InplaceOrView is considered part of the default TLS included set; i.e.,
it is always run. It is also associated with normal tensors (like Autograd),
so that these kernels get run even if InplaceOrView is not in the
default TLS included set.

**The algorithm.** At a high level, we would like to skip both the
Autograd and InplaceOrView kernels while in inference mode, whenever
it is safe to do so. Whether or not this is safe is maintained by
a pair of invariants:

**The no-aliasing invariant:** Inference tensors are guaranteed
not to alias with any tensor which is saved for backwards (or
otherwise depends on accurate version counter tracking)

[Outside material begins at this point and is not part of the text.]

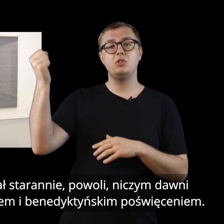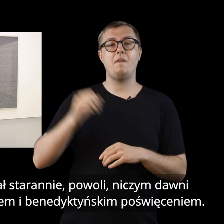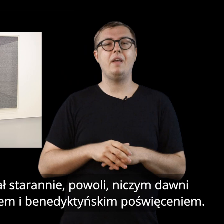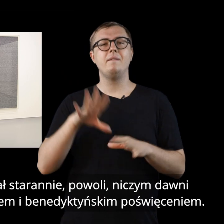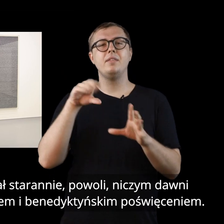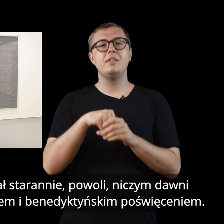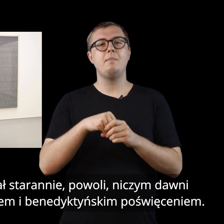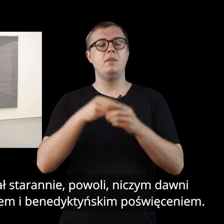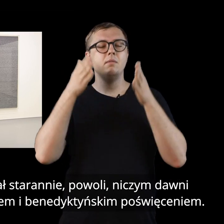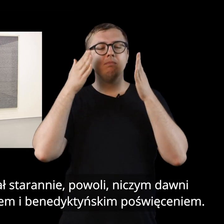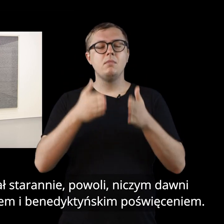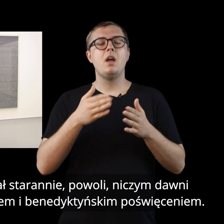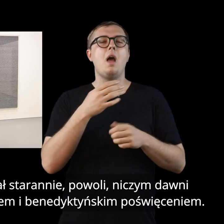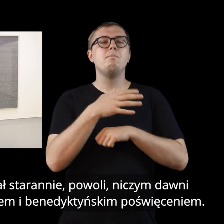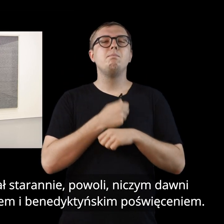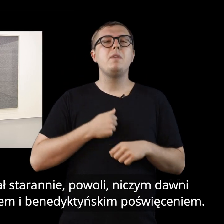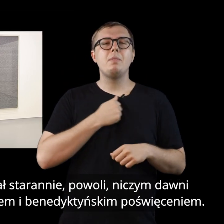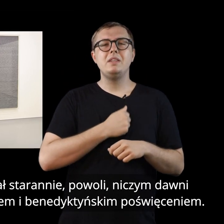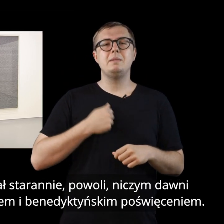mistrzowie, z pietyzmem i benedyktyńskim poświęceniem.

**The immutable invariant:** Inference tensors are immutable outside of
inference mode.

The no-aliasing invariant guarantees it is safe to skip version counter
bumps when mutating inference tensors, as the set of tensors affected by
mutation is precisely the set of aliases to that tensor. The immutable
invariant guarantees it is safe to skip view metadata, as view metadata
is only used to enable inplace updates on tensors that require
gradients.

**Inference mode** is defined to be the state when:

* Autograd is added to the TLS excluded set
* InplaceOrView is removed from the TLS included set (recall that by
default, InplaceOrView is part of the TLS included set)
* If view metadata is recorded (e.g., because a tensor has InplaceOrView
directly recorded on it), the creation metadata of the view is
set to forbid subsequent inplace modification with
`requires_grad=True` tensors (`CreationMeta::NO_GRAD_MODE`)

It is legal for only Autograd to be excluded (this happens during normal
processing of Autograd kernels), but it is illegal for InplaceOrView to
be removed from the TLS included set if Autograd is not also excluded.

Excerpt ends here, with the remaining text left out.